How well can artificial intelligence (AI) understand language? Here at the House of Commons Library there are plenty of words or phrases we could test AI’s abilities on; ‘election’, ‘affordable housing’ or any other topic we provide briefings on. Instead, confident in the promise of AI, we gave it a more challenging task: understanding Brexit.
We let a deep learning algorithm loose on millions of words found in Hansard from Brexit-related debates in the House of Commons. ‘Deep learning’ refers to techniques that use artificial ’neural networks‘ to recognise patterns in large data sets. These networks are loosely inspired by the way neurons interact in the brain.
The algorithm learns about language by placing each different word or phrase in a particular position in a mathematical space. The ‘space’ that the algorithm uses can be made of several hundred dimensions that the algorithm experiments with. A few of these dimensions can end up making sense to us, for example size, gender or word tense, but most have no inherent meaning. Instead, it is overall patterns of location and distance between words that the algorithm discovers for itself.
For our limited human brains to be able to get a glimpse of what the AI has learnt, we collapse the hundreds of dimensions into two.
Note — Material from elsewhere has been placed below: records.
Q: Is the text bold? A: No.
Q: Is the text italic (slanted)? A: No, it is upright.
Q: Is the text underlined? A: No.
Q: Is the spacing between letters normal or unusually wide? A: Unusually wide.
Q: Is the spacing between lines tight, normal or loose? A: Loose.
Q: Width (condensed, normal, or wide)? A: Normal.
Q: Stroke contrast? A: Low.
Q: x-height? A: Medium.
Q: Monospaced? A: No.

The word map below is a highly simplified representation of what the algorithm has learnt. Similar words hang close together:
For example, ‘negotiations’, ‘deal’ and ‘agreement’ have clustered together (top left). Near the phrase ‘post-Brexit’ (bottom left), we can find the words ‘trade’, ‘new’ and ‘future’.
The word map above only shows a hundred words. To get the full details, we queried the algorithm directly.
We can zoom into the map and zero in on a word. For example, the ‘most similar’ or ‘closest words’ to ‘United Kingdom’ are ‘union’ and ‘UK’. We have asked the algorithm what the closest words to ‘Brexit’ are, and the response was, in order:
So, ‘Brexit’ is the outcome of a referendum and a transition.
Give us a guess
We can also ask the algorithm to predict a word, given some context. For example, when asked to predict what is going to accompany ‘house of’, the algorithm tells us to expect ‘Commons’. ‘Lords’ is only expected in 3% of cases: the AI has learnt not to expect members of the Commons to call ‘the other place’ by its proper name!
If asked to predict what word would accompany ‘Brexit’ in a speech, the algorithm’s best guess is ‘post’. So it’s not so much Brexit, but what comes next, that we’re really interested in.
Brexit + economic – political = ?
The model we have used (known as ‘word embedding’ or ‘word2vec’) can also add and subtract words from each other and get a result that makes sense, just as subtracting 1 from 3 gives you 2. A famous example is that by taking the word ‘queen’, subtracting ‘woman’ and adding ‘man’, the result you get is ‘king’.
In this vein, we asked the model to take ‘Brexit’, add ‘economic’ and subtract ‘political’. The result we got was ‘trade’.
Asking the reverse (‘Brexit’ less ‘economic’ plus ‘political’) returns ‘referendum’, ‘vote’ and ‘general election’. Politicians beware.
Similarly, a Brexit with ‘certainty’ and without ‘uncertainty’ results in the ‘future’, a ‘final deal’ and the ‘best possible’, while a Brexit with ‘no deal’ is a ‘hard Brexit’. A Brexit with an ‘agreement’ entails an ‘implementation period’. That is correct, AI colleague.
Now for the most difficult question of all: what is predicted to follow the words ‘Brexit means’?
It turns out that for AIs and humans alike, Brexit means ‘Brexit’.